企業と人材のマッチングが入社試験・面接。

これは「選別」ではなく「マッチング」なのです。企業側にも存在意義やミッションがあって、それは全体の旗印としては基本的に変わらないもの。それに賛同して、同じ方向を向いて歩いていけるかどうかを見定めるのが入社試験です。そのための基準は企業がそのタイミングで求める人材イメージによりますが、大切なのは「優秀かどうか」ではなく「合うかどうか」です。

特に昨今の人材不足・売り手市場の現状では、例えば5人定員に100人応募がありましたというようなことはまずありません。特に地方では。上記の場合であれば1次試験で何かしらの基準である程度選別して、あとは最終面接で総合的に判断ということになります。
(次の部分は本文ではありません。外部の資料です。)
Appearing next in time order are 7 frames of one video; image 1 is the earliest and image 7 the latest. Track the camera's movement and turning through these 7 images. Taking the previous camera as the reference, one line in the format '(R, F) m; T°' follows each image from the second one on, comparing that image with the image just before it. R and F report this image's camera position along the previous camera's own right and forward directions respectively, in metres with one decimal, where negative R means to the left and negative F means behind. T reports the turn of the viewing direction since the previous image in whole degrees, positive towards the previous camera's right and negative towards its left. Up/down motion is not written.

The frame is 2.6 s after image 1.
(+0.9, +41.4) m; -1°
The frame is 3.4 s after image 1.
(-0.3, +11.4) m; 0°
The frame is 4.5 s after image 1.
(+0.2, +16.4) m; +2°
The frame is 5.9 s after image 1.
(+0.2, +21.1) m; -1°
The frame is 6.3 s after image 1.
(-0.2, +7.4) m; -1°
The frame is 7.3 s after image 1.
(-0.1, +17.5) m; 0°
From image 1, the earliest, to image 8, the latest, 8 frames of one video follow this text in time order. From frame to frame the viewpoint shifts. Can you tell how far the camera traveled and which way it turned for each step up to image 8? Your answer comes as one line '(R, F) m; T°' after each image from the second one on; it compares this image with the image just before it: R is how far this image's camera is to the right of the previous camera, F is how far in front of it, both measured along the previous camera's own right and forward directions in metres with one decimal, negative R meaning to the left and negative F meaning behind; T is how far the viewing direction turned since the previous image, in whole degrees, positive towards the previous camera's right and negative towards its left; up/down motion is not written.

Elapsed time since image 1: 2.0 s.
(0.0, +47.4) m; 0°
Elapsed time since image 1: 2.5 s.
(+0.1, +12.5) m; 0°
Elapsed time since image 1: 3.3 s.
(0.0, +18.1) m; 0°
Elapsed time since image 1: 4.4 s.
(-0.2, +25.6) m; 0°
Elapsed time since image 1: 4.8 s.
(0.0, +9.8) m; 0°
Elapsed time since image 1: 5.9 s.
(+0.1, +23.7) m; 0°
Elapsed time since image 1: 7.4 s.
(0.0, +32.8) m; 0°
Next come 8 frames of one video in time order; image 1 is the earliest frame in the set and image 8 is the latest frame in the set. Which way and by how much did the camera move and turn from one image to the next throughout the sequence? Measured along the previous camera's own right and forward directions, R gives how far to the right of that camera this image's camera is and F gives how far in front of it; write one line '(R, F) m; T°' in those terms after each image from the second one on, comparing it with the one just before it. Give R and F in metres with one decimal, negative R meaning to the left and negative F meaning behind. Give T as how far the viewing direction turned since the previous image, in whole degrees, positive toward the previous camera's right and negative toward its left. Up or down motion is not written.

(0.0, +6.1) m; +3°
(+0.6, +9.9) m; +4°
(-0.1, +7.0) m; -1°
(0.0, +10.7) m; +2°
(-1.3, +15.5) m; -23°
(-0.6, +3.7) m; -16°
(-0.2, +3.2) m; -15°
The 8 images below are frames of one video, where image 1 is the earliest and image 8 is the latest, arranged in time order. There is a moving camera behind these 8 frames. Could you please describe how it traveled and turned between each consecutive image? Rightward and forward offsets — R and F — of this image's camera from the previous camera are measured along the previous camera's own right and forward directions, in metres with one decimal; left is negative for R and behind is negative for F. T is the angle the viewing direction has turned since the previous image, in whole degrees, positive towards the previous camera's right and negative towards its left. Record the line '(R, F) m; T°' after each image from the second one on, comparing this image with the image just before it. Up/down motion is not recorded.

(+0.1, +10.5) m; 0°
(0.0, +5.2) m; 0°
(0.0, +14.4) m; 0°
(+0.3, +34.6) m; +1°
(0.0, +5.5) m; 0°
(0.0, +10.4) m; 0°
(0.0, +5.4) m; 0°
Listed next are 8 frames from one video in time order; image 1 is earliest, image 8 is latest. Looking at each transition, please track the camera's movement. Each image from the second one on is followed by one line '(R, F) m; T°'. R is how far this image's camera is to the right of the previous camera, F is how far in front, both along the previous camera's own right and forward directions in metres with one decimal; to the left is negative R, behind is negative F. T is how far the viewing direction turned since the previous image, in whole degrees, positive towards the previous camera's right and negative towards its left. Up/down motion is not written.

これは企業側優位の考え方に近くなります。しかし売り手市場になると企業も選ばれる面が強まりますから、結果としてマッチングの要素が高まるわけです。

まとめ 〜マッチング結果が合わなくても気にしない〜

結果、入社試験でも面接試験でも「落ちた」とは考えずに「お互いに合わなかった」と考えて気にしすぎないのが一番です。合わないところに無理して入ってもストレス溜まるばかりで続かないですからね。企業側としてもその辺りかなり気をつかって選考しているはずですから、否定されたとは捉えずに適切な判断をしてもらった程度に考えましょう。

高校や大学と違って企業は下手すると40年とか同じ場所にいることになるので、最初のマッチングがとても大切になるのです。ある意味で人生の中で家族と同じくらいの時間をそこで過ごす可能性があるわけですから。

もちろん、どうしても成し遂げたいことがあって入りたい企業だったのに選考に漏れたとすれば落ち込むのも当然です。その時は二の矢をどう打つかを考えましょう。なんとしても食い下がるか、関連企業・グループ企業などに入って実績を上げて5年後の転職を目指すか。まぁ方法は色々とあります。

ちなみに最初に引用したツイートの中で「何糞と思い」という表現をしていますが、私自身は近い業界への転職だったものの専門性は1から積み上げる必要があって、しかも転職時の年齢が20代後半だったものですから即戦力として短期間での結果を求められるのは当然と考えていました。ただこれは性格的なものなので、自分が経営側に立った場合にはスタッフに対してそんな考えはしませんけれどね。

いずれ悩みすぎなくてもどこかに必ずマッチする場所はありますよ。